Yakub yang sedang mengambil minum, melihat adiknya yang diam saja sambil memegang ponselnya. Suara panggilan telepon berbunyi tanpa henti.


"Hemm ... telepon dari Naila, Kak. Aku bingung, dari tadi dia kirim pesan mau main ke rumah."


"Ya sudah, bilang saja kalau kamu sibuk. Hari Minggu saja kita main ke rumahnya."


"Tapii ... dia sudah jalan ke arah rumah, Kak. Aku bingung mau jawab apa?"


"Kenapa kamu nggak bilang dari tadi? Ya sudah kita pulang saja. Biar bengkel diurus sama anak-anak."

__ADS_1


"Dia kirim pesan kalau sudah sampai, Kak. Dia mau ke bengkel saja katanya, minta share lokasi."


"Ya sudah nggak apa-apa, biar dia ke sini. Mau bagaimana lagi. Nanti ajak saja ke warung depan itu, biar enak ngobrolnya."


"Baiklah, aku share lokasi dulu kalau begitu."
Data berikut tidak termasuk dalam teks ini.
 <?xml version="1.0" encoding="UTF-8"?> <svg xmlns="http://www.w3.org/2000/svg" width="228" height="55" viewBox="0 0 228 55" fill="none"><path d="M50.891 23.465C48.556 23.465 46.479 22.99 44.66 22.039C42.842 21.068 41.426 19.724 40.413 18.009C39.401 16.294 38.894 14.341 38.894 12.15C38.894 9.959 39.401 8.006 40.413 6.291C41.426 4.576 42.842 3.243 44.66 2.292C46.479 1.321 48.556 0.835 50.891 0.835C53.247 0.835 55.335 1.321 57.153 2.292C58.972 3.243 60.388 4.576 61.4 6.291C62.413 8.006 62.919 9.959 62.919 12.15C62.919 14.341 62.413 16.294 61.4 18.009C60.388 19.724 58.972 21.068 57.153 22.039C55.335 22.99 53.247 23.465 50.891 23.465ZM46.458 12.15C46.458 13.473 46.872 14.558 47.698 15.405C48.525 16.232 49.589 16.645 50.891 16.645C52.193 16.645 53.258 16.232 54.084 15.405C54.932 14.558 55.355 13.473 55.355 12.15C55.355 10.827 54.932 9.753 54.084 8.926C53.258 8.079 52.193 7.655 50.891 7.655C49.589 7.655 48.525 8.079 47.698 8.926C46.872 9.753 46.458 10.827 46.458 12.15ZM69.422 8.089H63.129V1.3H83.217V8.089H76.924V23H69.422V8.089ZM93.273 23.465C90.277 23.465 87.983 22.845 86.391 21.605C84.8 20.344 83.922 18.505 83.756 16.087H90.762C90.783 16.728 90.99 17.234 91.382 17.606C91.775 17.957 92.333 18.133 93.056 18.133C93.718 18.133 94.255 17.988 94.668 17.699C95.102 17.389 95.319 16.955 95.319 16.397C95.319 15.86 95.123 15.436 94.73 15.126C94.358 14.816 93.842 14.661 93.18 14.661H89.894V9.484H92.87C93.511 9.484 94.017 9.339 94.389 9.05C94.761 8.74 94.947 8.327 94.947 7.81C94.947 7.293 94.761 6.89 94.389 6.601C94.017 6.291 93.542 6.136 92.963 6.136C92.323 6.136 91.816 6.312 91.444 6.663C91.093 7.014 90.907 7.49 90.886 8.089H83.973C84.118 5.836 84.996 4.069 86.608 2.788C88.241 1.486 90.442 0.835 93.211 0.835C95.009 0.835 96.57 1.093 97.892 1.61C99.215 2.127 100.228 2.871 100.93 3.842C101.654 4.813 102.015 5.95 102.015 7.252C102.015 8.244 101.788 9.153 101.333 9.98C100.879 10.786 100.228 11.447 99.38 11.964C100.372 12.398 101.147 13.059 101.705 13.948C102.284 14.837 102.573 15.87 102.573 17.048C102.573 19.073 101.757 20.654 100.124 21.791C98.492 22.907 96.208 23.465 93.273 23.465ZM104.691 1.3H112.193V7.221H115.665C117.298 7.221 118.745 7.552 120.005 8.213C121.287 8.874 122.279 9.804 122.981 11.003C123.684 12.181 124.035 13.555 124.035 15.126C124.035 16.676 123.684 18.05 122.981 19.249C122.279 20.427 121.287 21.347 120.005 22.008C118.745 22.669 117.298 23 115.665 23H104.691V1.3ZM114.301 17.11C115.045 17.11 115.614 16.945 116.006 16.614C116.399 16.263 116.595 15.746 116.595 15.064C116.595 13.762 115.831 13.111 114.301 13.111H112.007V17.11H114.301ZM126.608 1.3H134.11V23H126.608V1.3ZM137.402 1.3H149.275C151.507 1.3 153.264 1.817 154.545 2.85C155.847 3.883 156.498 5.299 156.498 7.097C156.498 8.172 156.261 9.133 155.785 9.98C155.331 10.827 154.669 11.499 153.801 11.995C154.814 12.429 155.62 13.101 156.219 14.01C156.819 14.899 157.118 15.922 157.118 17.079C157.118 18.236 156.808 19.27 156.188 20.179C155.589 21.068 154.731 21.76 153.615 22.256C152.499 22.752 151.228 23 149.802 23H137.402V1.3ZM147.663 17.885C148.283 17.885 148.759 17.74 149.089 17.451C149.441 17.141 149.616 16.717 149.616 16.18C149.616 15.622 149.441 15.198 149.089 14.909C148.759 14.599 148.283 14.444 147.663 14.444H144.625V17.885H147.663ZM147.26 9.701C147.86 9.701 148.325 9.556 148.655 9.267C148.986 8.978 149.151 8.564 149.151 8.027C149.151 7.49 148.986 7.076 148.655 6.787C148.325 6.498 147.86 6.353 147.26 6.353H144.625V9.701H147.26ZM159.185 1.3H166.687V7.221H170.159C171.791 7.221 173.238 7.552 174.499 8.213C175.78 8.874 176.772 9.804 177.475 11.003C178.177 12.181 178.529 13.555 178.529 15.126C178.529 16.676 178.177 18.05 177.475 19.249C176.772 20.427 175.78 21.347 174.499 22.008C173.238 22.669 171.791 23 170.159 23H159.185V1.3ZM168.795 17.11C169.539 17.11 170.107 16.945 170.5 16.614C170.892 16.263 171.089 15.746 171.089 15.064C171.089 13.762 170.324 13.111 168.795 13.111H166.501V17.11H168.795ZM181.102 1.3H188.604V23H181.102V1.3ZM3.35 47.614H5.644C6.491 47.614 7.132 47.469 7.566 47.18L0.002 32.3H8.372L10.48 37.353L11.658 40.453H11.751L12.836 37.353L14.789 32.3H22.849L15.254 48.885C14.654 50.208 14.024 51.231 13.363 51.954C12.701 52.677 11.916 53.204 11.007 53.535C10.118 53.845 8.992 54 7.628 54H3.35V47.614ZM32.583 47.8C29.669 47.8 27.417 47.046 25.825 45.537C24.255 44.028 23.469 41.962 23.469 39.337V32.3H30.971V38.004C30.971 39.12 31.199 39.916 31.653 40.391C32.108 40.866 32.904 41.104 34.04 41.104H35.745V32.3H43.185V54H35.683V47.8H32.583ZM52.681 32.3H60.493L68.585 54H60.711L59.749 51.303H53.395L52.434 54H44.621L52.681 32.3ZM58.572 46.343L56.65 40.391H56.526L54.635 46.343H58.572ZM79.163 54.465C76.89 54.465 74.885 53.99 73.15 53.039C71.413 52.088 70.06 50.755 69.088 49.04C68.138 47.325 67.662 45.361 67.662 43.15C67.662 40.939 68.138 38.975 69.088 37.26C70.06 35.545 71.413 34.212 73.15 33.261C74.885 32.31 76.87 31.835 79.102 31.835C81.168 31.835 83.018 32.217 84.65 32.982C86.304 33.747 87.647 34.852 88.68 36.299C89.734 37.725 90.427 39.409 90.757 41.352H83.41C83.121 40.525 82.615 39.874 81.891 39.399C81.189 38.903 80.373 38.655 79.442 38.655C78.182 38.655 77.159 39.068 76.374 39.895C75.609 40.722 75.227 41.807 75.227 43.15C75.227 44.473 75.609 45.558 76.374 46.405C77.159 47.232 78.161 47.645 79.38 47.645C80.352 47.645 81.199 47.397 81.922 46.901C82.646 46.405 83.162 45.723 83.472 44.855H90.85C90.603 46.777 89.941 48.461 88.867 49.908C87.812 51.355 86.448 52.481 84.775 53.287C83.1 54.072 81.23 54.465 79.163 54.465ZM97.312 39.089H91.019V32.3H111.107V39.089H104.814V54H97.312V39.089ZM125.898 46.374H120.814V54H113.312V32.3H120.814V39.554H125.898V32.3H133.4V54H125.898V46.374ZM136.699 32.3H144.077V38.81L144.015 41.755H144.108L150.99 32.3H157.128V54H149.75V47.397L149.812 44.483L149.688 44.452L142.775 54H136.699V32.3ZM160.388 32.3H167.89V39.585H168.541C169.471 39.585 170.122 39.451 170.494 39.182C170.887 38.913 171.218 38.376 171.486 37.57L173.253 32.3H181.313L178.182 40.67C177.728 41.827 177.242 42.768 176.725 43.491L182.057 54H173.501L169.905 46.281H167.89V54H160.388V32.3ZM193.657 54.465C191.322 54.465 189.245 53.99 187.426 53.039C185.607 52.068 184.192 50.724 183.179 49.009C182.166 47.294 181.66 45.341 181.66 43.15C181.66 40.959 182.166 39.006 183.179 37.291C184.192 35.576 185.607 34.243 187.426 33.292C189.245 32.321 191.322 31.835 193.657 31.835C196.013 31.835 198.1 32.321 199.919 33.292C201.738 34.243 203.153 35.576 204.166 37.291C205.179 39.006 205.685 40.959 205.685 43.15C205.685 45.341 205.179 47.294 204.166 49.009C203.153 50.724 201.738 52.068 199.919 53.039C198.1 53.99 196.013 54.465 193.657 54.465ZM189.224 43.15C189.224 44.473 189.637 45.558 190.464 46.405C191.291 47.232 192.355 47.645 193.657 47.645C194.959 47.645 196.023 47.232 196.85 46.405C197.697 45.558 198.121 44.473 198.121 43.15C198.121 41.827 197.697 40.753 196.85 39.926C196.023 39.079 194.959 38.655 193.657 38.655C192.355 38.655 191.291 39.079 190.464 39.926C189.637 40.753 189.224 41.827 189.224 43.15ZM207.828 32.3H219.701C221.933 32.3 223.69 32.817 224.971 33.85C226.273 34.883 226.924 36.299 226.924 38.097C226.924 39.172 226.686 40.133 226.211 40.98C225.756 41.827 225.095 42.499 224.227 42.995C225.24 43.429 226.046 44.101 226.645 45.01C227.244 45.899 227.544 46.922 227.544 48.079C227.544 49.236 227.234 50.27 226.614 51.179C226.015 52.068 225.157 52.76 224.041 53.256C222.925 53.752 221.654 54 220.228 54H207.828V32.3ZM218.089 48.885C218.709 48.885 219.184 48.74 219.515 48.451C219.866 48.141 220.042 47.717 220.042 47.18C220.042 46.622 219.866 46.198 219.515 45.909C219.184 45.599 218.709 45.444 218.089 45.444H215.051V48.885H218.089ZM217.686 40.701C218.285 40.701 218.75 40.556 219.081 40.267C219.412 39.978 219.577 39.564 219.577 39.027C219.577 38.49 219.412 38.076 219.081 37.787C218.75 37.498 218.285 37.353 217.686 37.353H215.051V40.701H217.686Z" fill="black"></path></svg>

Tak lama kemudian, mobil Naila tiba di depan bengkel diantar Supri. Sarah pun mengajak mereka ke warung depan sambil membeli minuman.
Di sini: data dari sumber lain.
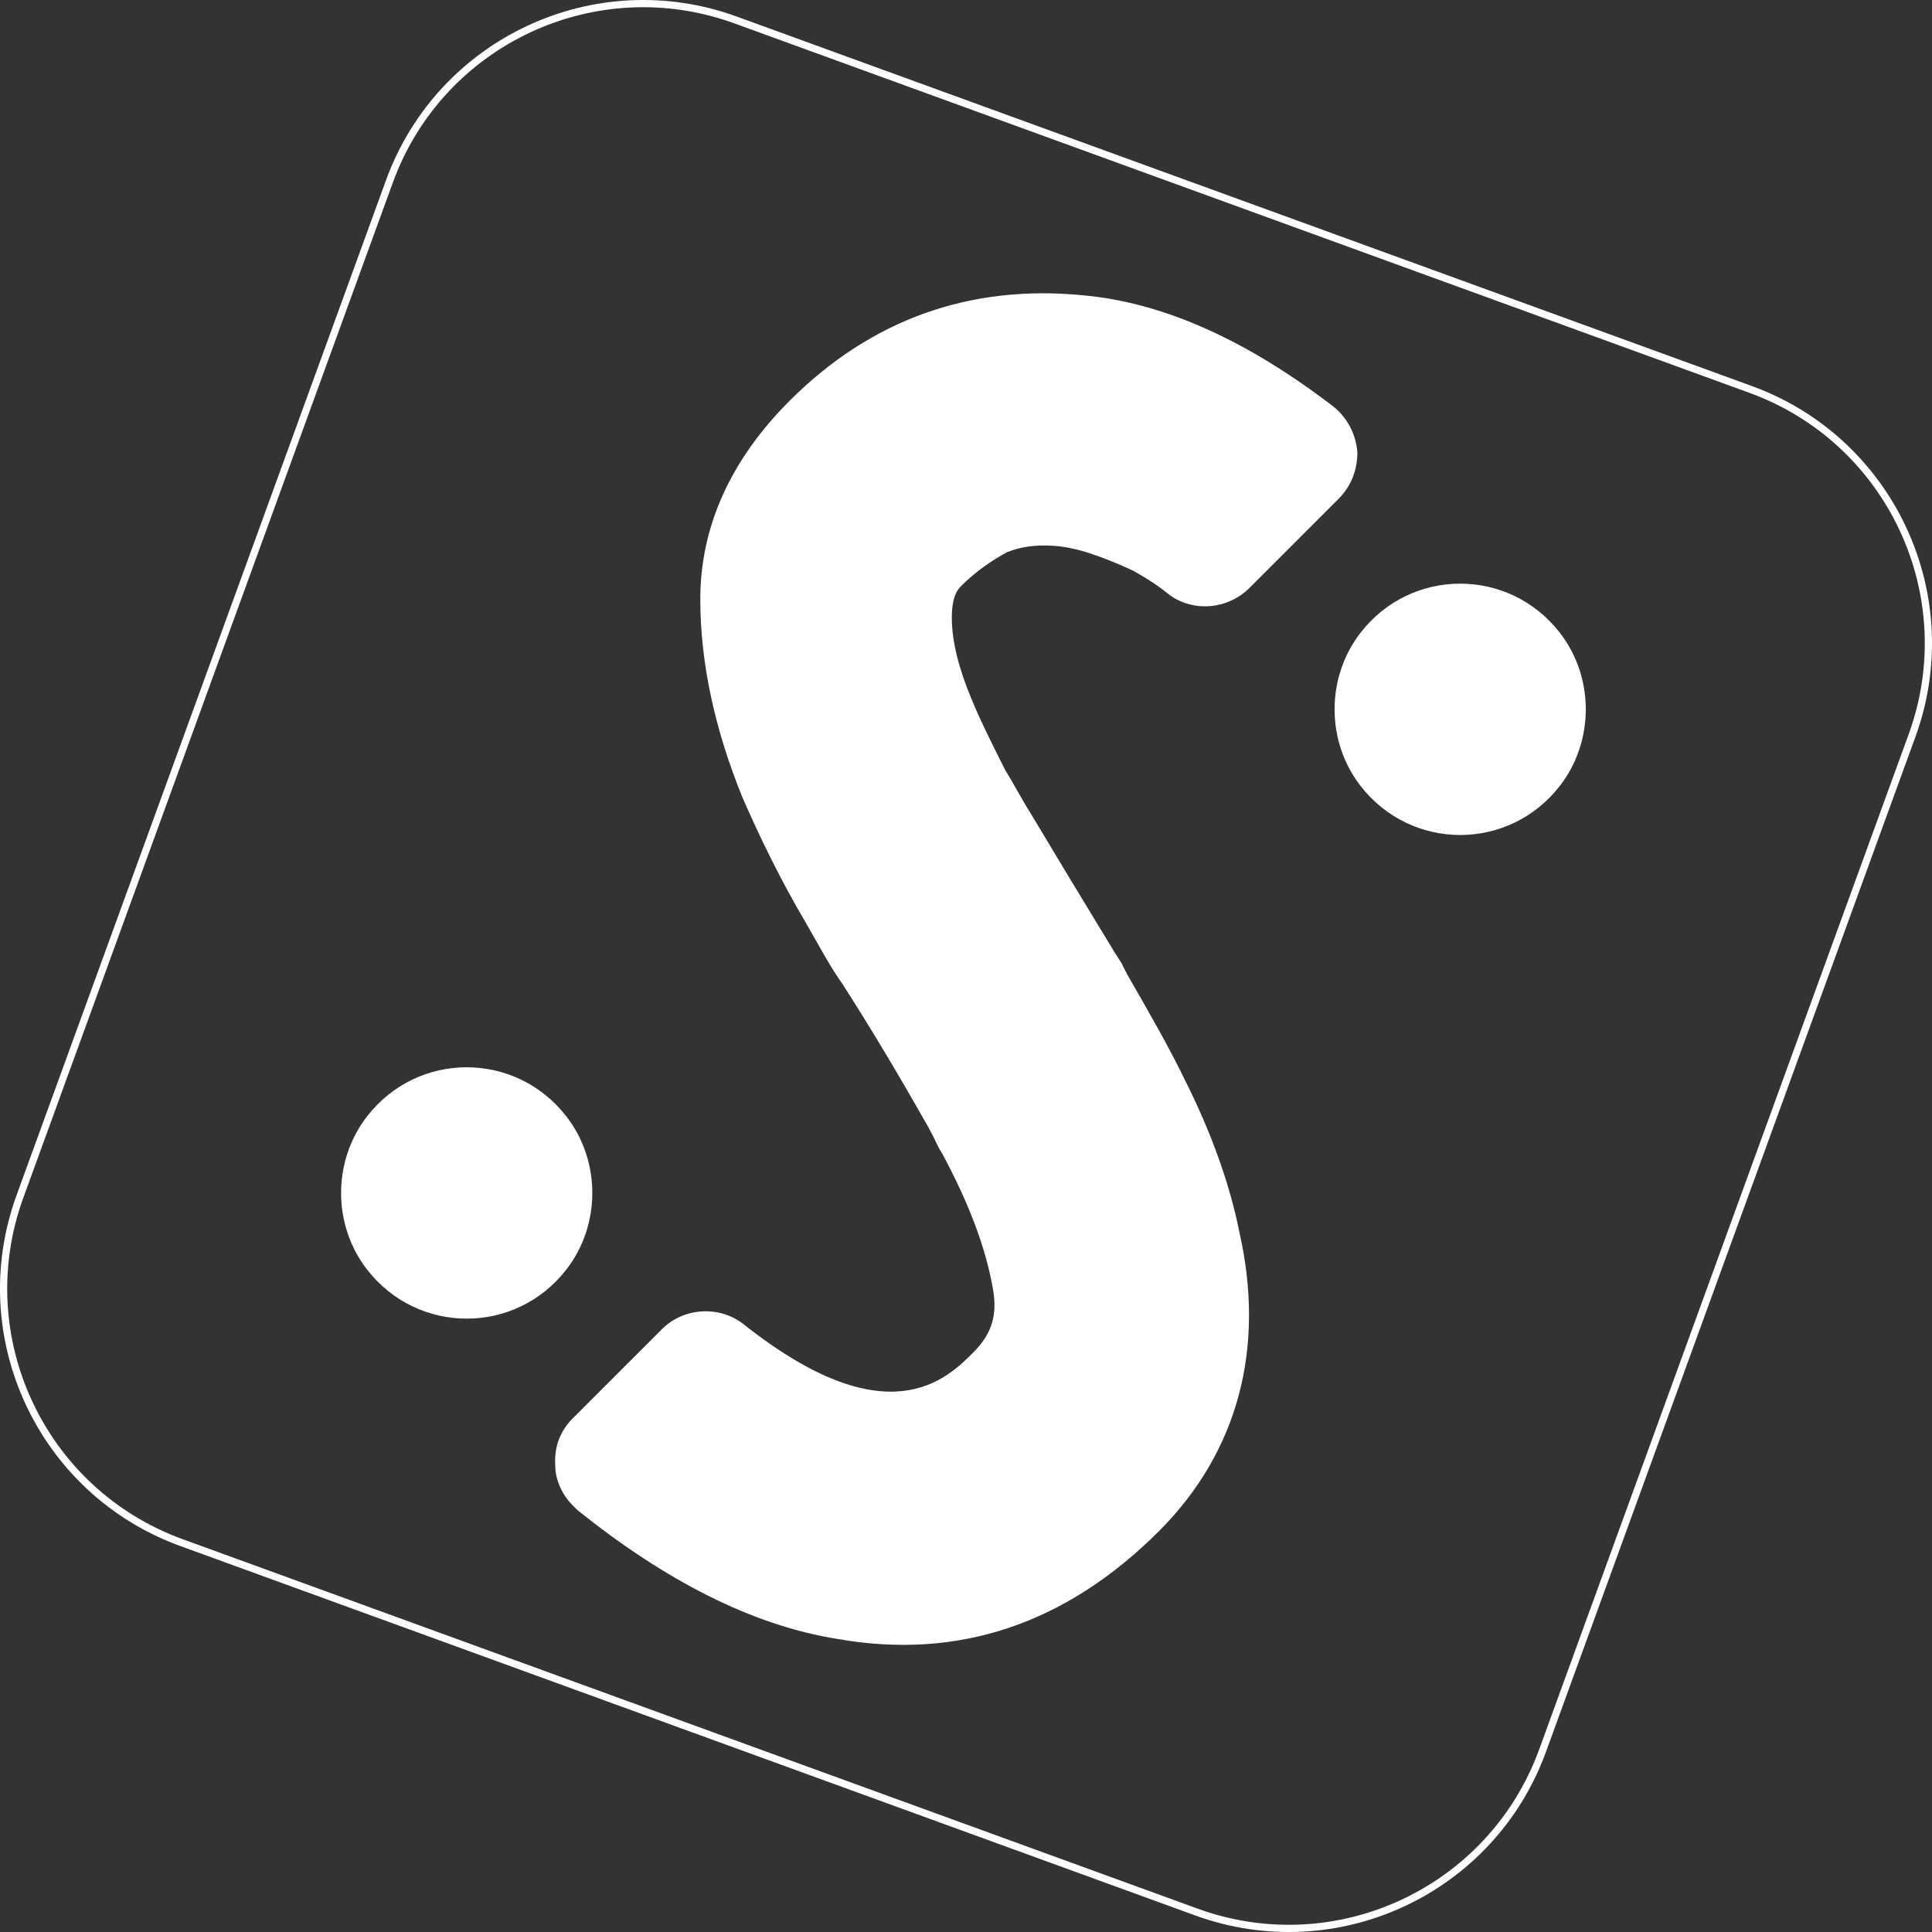 <svg xmlns:inkscape="http://www.inkscape.org/namespaces/inkscape" xmlns:sodipodi="http://sodipodi.sourceforge.net/DTD/sodipodi-0.dtd" xmlns="http://www.w3.org/2000/svg" xmlns:svg="http://www.w3.org/2000/svg" id="Layer_1" viewBox="0 0 267.607 267.607" sodipodi:docname="STAFFICE logo_[spot]_b.svg" width="267.607" height="267.607" inkscape:version="1.1 (c68e22c387, 2021-05-23)"><rect x="0" y="0" width="267.607" height="267.607" fill="#333333" stroke="none"/><defs id="defs4"><style id="style2">.cls-1{fill:#3bf20a;}</style><style id="style895">.cls-1,.cls-2{fill:none;}.cls-2{stroke:#3bf20a;stroke-miterlimit:10;stroke-width:40px;}.cls-3{clip-path:url(#clippath);}</style><clipPath id="clippath"><rect class="cls-1" y="0" width="875" height="875" id="rect897" x="0"></rect></clipPath></defs><path class="cls-1" d="m 139.579,76.455 c 1.72,-0.69 3.8,-1.03 6.36,-0.85 2.92,0.16 6.52,1.37 10.99,3.43 1.54,0.87 3.26,1.88 5.15,3.44 3.44,2.39 8.08,1.87 10.99,-1.04 l 12.36,-12.36 c 1.72,-1.72 2.57,-3.96 2.59,-6.36 -0.19,-2.57 -1.38,-4.8 -3.27,-6.36 -11.86,-9.09 -23.35,-14.41 -34.69,-15.45 -15.62,-1.54 -29.36,3.28 -40.69,14.61 -8.24,8.24 -12.36,17.51 -12.37,27.47 0,8.92 2.06,18.19 5.84,27.47 2.39,5.49 5.32,11.51 8.76,17.33 1.88,3.26 3.42,6.18 5.14,8.58 4.3,6.71 8.24,13.39 11.85,19.76 l 0.35,0.68 c 0.51,0.87 0.85,1.88 1.54,2.93 3.61,6.7 6.01,12.86 7.04,18.71 0.68,3.77 -0.16,6.35 -2.74,8.92 -3.62,3.62 -11.86,11.86 -31.78,-3.94 -3.25,-2.58 -8.23,-2.4 -11.32,0.69 l -12.36,12.36 c -1.72,1.72 -2.58,3.94 -2.41,6.53 0,2.06 1.03,4.12 2.4,5.49 l 0.69,0.69 c 12.19,9.77 24.21,15.96 36.05,17.84 16.67,2.92 31.59,-2.05 44.48,-14.94 10.99,-10.99 14.76,-25.41 11.15,-41.38 -1.37,-6.87 -3.96,-13.9 -7.39,-20.78 -2.22,-4.63 -4.98,-9.44 -8.24,-15.1 l -0.68,-1.38 c -0.68,-1.03 -1.2,-1.88 -1.72,-2.75 -3.77,-6.18 -7.39,-12.18 -10.99,-18.2 -1.19,-1.87 -2.24,-3.94 -3.43,-5.84 -1.72,-3.43 -3.45,-6.86 -4.64,-9.78 -1.72,-4.11 -2.74,-7.89 -2.75,-11.32 0.01,-3.1 0.87,-3.96 1.38,-4.47 1.88,-1.88 4.12,-3.44 6.34,-4.64 z" id="path6" style="fill:#ffffff"></path><path class="cls-1" d="m 216.059,87.645 c -7.04,-9.07 -20.58,-9.07 -27.61,0 -4.79,6.18 -4.79,15.04 0,21.21 7.04,9.07 20.58,9.07 27.61,0 4.79,-6.18 4.79,-15.04 0,-21.21 z" id="path8" style="fill:#ffffff"></path><path class="cls-2" d="M 101.885,2.765 242.485,53.941 c 19.413,7.066 29.423,28.532 22.357,47.945 l -51.176,140.6 c -7.066,19.413 -28.532,29.423 -47.945,22.357 L 25.122,213.666 C 5.709,206.6 -4.301,185.134 2.765,165.721 L 53.941,25.122 C 61.007,5.709 82.473,-4.301 101.885,2.765 Z" id="path902" style="fill:none;fill-opacity:1;stroke:#ffffff;stroke-width:1;stroke-miterlimit:10;stroke-dasharray:none;stroke-opacity:1"></path><path class="cls-1" d="m 78.449,154.635 c -7.04,-9.07 -20.58,-9.07 -27.61,0 -4.79,6.18 -4.79,15.04 0,21.21 7.04,9.07 20.58,9.07 27.61,0 4.79,-6.18 4.79,-15.04 0,-21.21 z" id="path10" style="fill:#ffffff"></path></svg>

"Kenapa kamu ke rumah nggak kasih kabar dulu, Naila?"


"Ini tadi aku dari klinik kecantikan sekalian belanja kebutuhan rumah. Aku belikan juga buat Kak Sarah, makanya aku sekalian mampir. Kirain jam segini Kakak sudah pulang. Sudah hampir satu bulan kita nggak bertemu, aku kangen sama Kakak."


"Aku juga kangen sama kamu. Maaf kalau aku belum bisa main ke rumah. Alhamdulillah akhir-akhir ini bengkel selalu ramai, makanya aku bantuin Kak Yakub dulu."


"Hemm ... Kak, maaf, aku mau tanya. Kata tetangga kalian tadi, Kakak pindah rumah, ya?"


"Eh ... itu ... anu ...." Sarah bingung menjawab pertanyaan Naila. Dia tak ingin Naila tahu kesulitan mereka saat ini.


"Kakak ada masalah apa? Kenapa nggak cerita sama aku?"


"Hemm ... ceritanya juga dadakan kayak tahu bulat. Ha ha ha ...."


"Ih, Kakak ini, aku serius kok ngajak bercanda. Tadi waktu aku ke rumah Kakak, ada ibu-ibu yang sedang berkumpul di depan rumah. Terus aku dibilangin sama mereka kalau kalian sudah nggak tinggal lagi di situ. Malah mereka bilang, katanya alasan kalian biar dekat sama bengkel tapi kenapa barang-barangnya dibawa semua? Mereka yakin pasti kalian menyembunyikan sesuatu."


"Maaf, Naila. Kami ... kami memang terpaksa pindah. Rumah kami bulan depan akan dilelang sama bank. Aku juga terpaksa berhenti mengajar mengaji di mushola. Aku harus bantu Kak Yakub dari pada dia harus bayar karyawan lagi." Sarah pun terpaksa bercerita pada Naila.


"Innalillahi ... kalian punya hutang di bank?"


"Kak Yakub ditipu sama temannya, Naila. Dia dipinjami uang lima puluh juta tanpa bunga dengan jaminan sertifikat rumah. Ternyata sama temannya sertifikat itu dijaminkan ke bank dan dia hutang dua ratus juta. Dia melarikan diri, Naila. Kami tak mungkin bisa mendapatkan uang segitu dalam waktu tiga bulan, belum lagi ditambah bunganya. Makanya kami pindah ke kontrakan dan terpaksa mengikhlaskan rumah peninggalan orang tua kami."


"Astaghfirullah ... kenapa Kakak nggak cerita padaku?"


"Maaf, Naila. Kami tak ingin merepotkanmu. Kami bukan siapa-siapa ...."


"Jadi selama ini Kakak menganggapku bukan siapa-siapa? Apa Kak Sarah sama sekali nggak pernah menganggapku sahabat atau saudara?"